1月 272015
 

sympo41月13日(火)、ソウル市庁舎多目的室で、ソウル市マウル共同体総合支援センター(以下マウルセンター)主催、「2014年住民が樹立する『マウル共同体活性化計画樹立テスト事業』、事業プロセス発表会&延藤安弘教授招請講演会」が開催されました。対象者は、ソウル市及び市内各区の公務員、まちづくり活動家で、参加者は250名を越えました。

<マウル共同体>事業は、朴元淳市長の重要政策でもあり、マウルセンターの運営は、ソウル市から委託を受けた民間団体「社団法人マウル」が担っています。ソウル市のマウル共同体事業は、住民3人からの小さな事業を助成し、横断的に広がるネットワークを形成しながら、住民自治を後押ししていくというものです。

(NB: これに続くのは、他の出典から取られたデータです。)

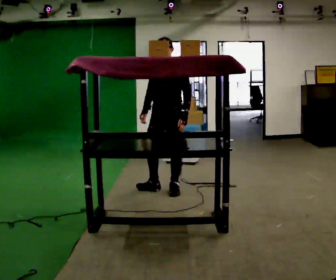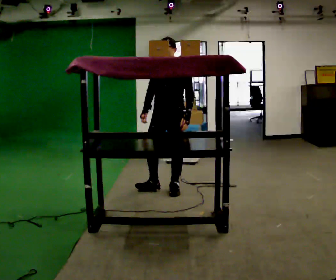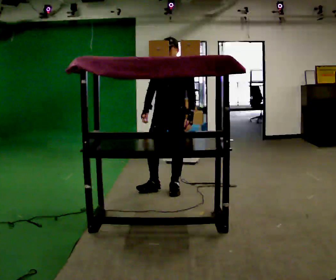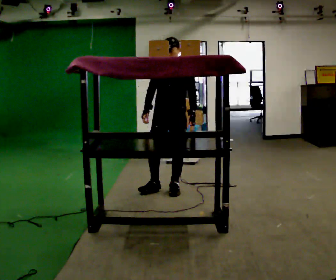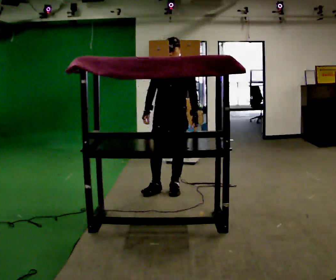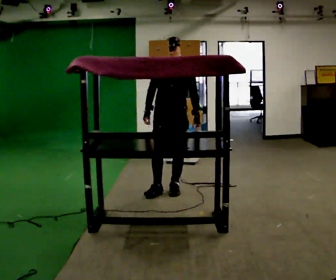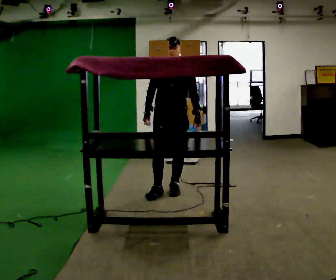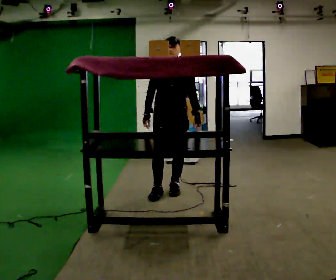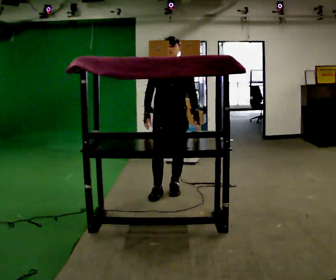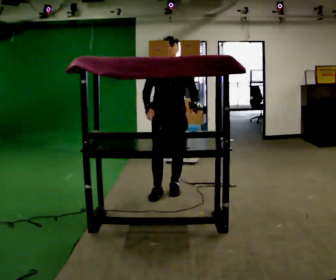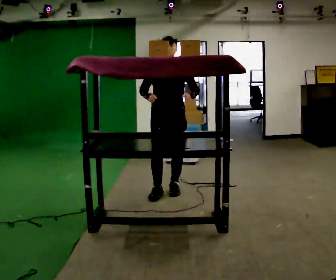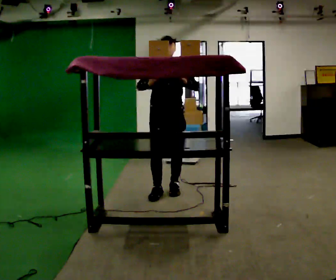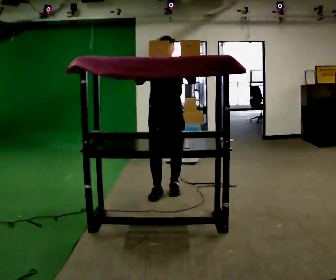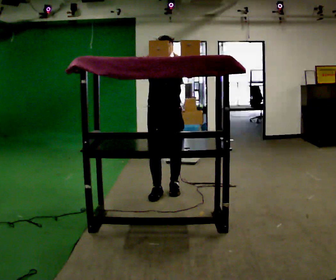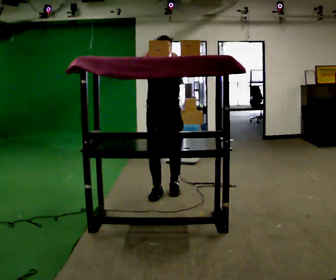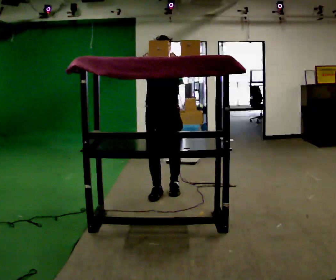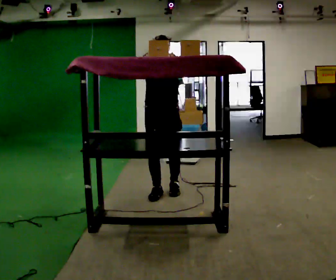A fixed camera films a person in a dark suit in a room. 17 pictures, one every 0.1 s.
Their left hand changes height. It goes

13日は、ユ・チャンボク マウルセンター長の挨拶から始まり、テスト事業として進めた2か所の事例が報告されました。一つ目の発表は、「九老区チョナン洞の事業プロセス発表:お祭りからマウルの計画まで」(キム・ソンウ:チョナンマウル計画樹立団)、二つ目の発表は、「広津(クァンジン) 区クイ洞、チュンゴク洞『マウル計画ワークショップからアジェンダ樹立まで』(キム・ヨンヒ:アチャサン麓のマウル計画樹立団)でした。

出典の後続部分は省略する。